In the early days of radio, the corporate sponsor was closely affiliated with the program, such as the “General Motors Symphony”, “Ford Sunday Evening Hour”, “Chesterfield Hour”, and the “Heinz Hall of Fame”. Many early television programs followed the same model, which carries forward to today in the form of the “Hallmark Hall of Fame” (which happened to air a program last night). And now that content producers and broadcasters are searching for effective ways to fund programming on the Web, it may be that we’ll see a return to this sort of “branded” show.

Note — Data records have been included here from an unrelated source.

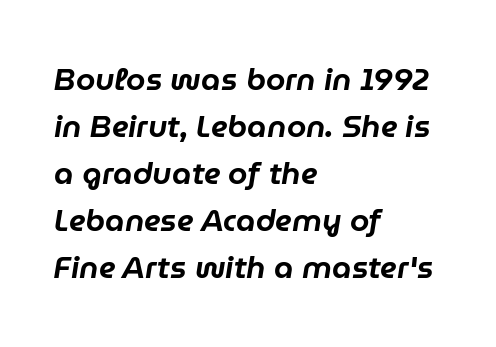
Q: Is the text italic (slanted)? A: Yes, it leans right by about 9 degrees.
Q: Is the text underlined? A: No.
Q: How is the paragraph aligned? A: Left-aligned.
Q: Is the spacing between letters normal or unusually wide? A: Normal.
Q: Is the spacing between lines tight, normal or loose? A: Normal.
Q: Width (condensed, normal, or wide)? A: Normal.
Q: Stroke contrast? A: Low.
Q: x-height? A: Medium.
Q: Monospaced? A: No.
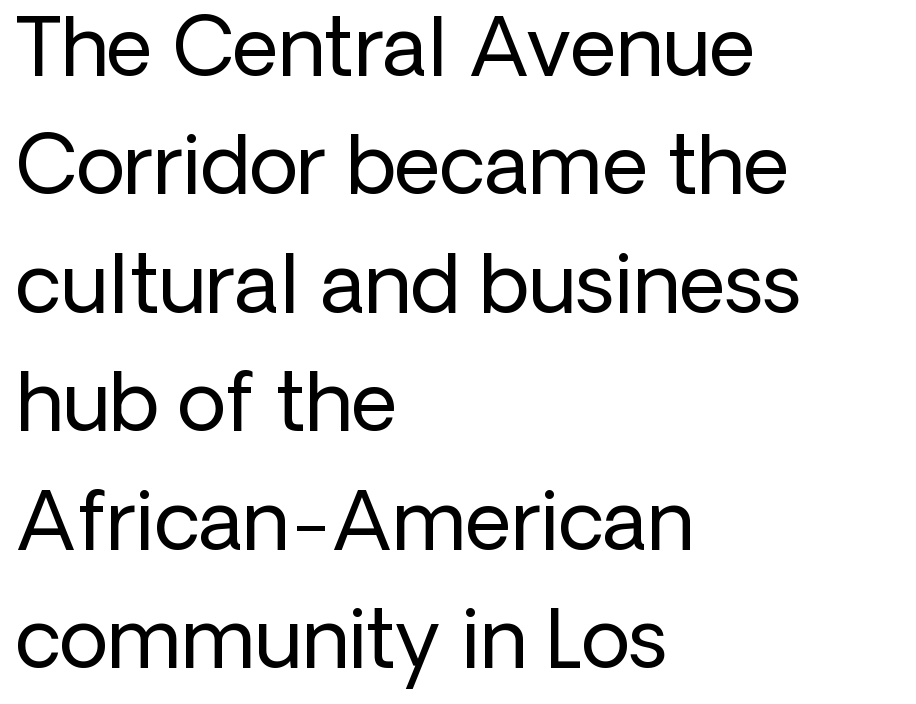
Q: Is the text bold? A: No.
Q: Is the text italic (slanted)? A: No, it is upright.
Q: Is the typeface a serif or a sans-serif typeface? A: Sans-serif.
Q: Is the text underlined? A: No.
Q: How is the paragraph aligned? A: Left-aligned.
Q: Is the spacing between letters normal or unusually wide? A: Normal.
Q: Is the spacing between lines tight, normal or loose? A: Normal.
Q: Width (condensed, normal, or wide)? A: Normal.
Q: Stroke contrast? A: Low.
Q: x-height? A: Medium.
Q: Monospaced? A: No.
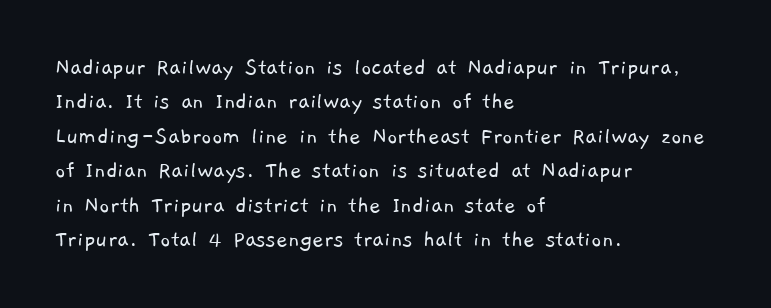
Q: Is the text bold? A: No.
Q: Is the text underlined? A: No.
Q: How is the paragraph aligned? A: Left-aligned.
Q: Is the spacing between letters normal or unusually wide? A: Normal.
Q: Is the spacing between lines tight, normal or loose? A: Normal.
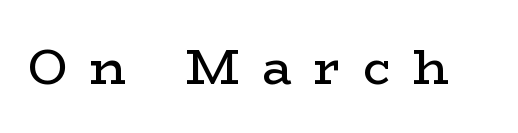
Nobody drew a line under any word here. This sample has the flowing, uneven cadence of proportional lettering. The font's upright variant was chosen for this text. The typeface chosen for these lines features serifs. The font sits on the lighter half of the weight spectrum, regular included. Caption: expanded tracking, letters set apart.
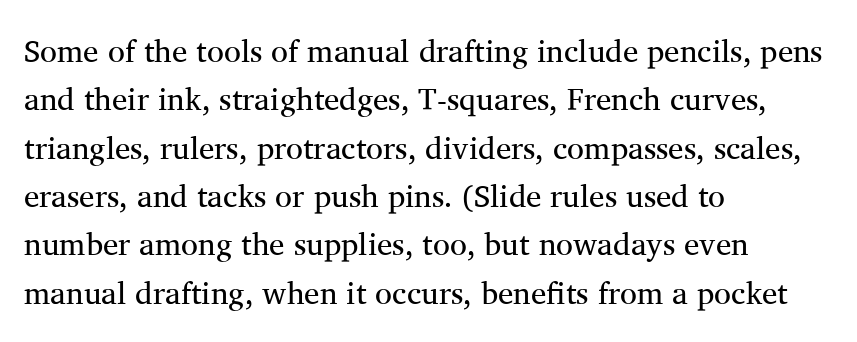
{"serif": "yes", "italic": "no", "bold": "no", "weight": "regular", "width": "normal", "stroke_contrast": "medium", "x_height": "medium", "monospaced": "no", "underline": "no", "align": "left", "line_spacing": "normal", "line_spacing_ratio": 1.56, "letter_spacing": "normal", "letter_spacing_em": 0.0, "glyph_px": 31}
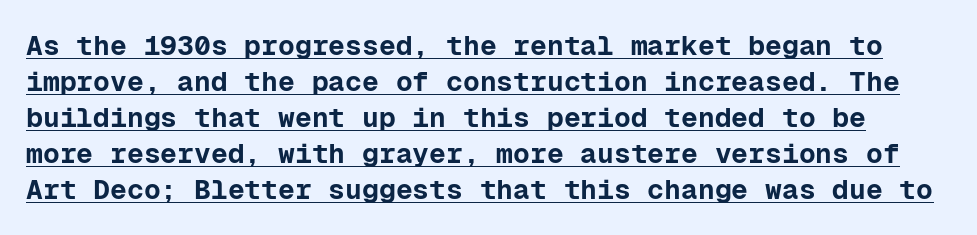
The image shows 28 px bold sans-serif type, upright, monospaced; set normal line spacing (1.29x), normal letter spacing, underlined; low stroke contrast and a medium x-height.
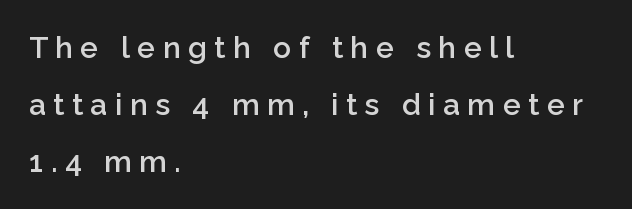
Each glyph is drawn with semibold strokes, heavier than normal yet not fully bold. The space directly below the letters is spotless. There is plenty of visible air inserted between adjacent glyphs. To sum up the face: it is a sans, with no serifs.
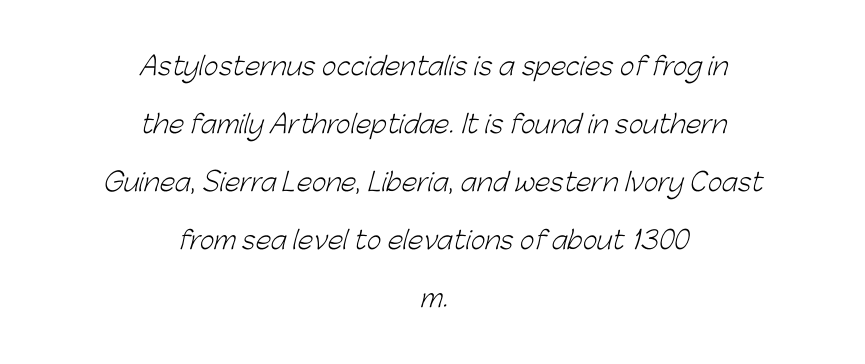
The image shows 25 px text type; set centered, loose line spacing (2.32x), normal letter spacing, not underlined.

NBC Universal issued a press release last week announcing a new production unit that will partner with ad agency Omnicom to “develop and produce brand-centric, quality digital content experiences” that will be distributed on NBC Universal’s various Web sites. Two projects are already underway, with “Gemini Division” slated to premiere this summer, and “Woke Up Dead”. The company plans to have client products “organically integrated” into the program content.
Paid product placement is nothing new, either in broadcast television or even the movies. It is a little unusual to have an ad agency so closely tied to the creative development part of the process. The fact remains that it’s an expensive proposition to produce quality programming, whether it is to be distributed over the broadcast networks, through cinemas, on DVDs, or over the Internet. If the Web can deliver enough viewers of the desired demographics to these new programs, sponsors may be willing to foot the bill.